▶ **Problem**
Identify every line in the records below that contains the word "ground", and copy each of those lines.

━━━ Stored data

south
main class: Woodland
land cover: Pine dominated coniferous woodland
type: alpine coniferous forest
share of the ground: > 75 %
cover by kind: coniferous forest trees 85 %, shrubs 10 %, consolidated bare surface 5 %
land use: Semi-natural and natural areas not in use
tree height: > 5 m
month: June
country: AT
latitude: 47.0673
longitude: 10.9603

━━━━━━
━━━ Stored data

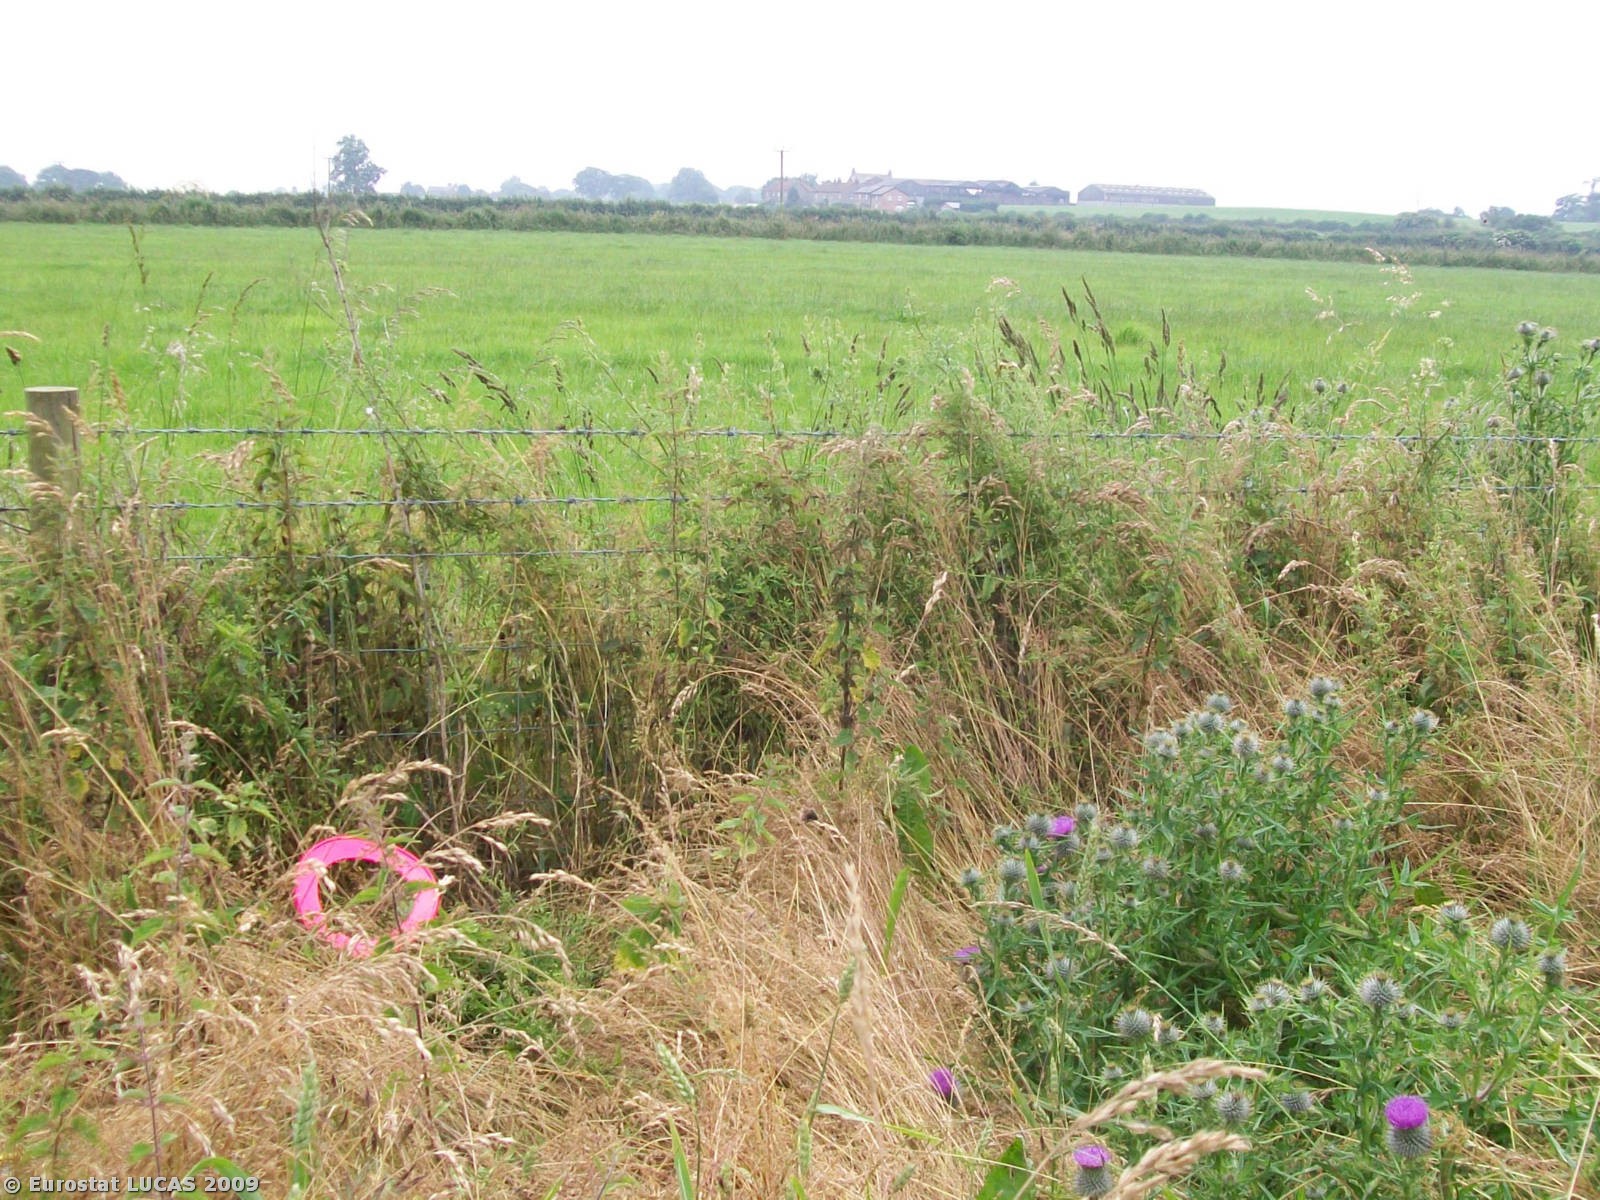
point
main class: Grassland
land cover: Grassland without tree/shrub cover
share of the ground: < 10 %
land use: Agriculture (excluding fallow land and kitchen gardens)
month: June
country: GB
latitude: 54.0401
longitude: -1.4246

━━━━━━

▶ **Response**
share of the ground: > 75 %
share of the ground: < 10 %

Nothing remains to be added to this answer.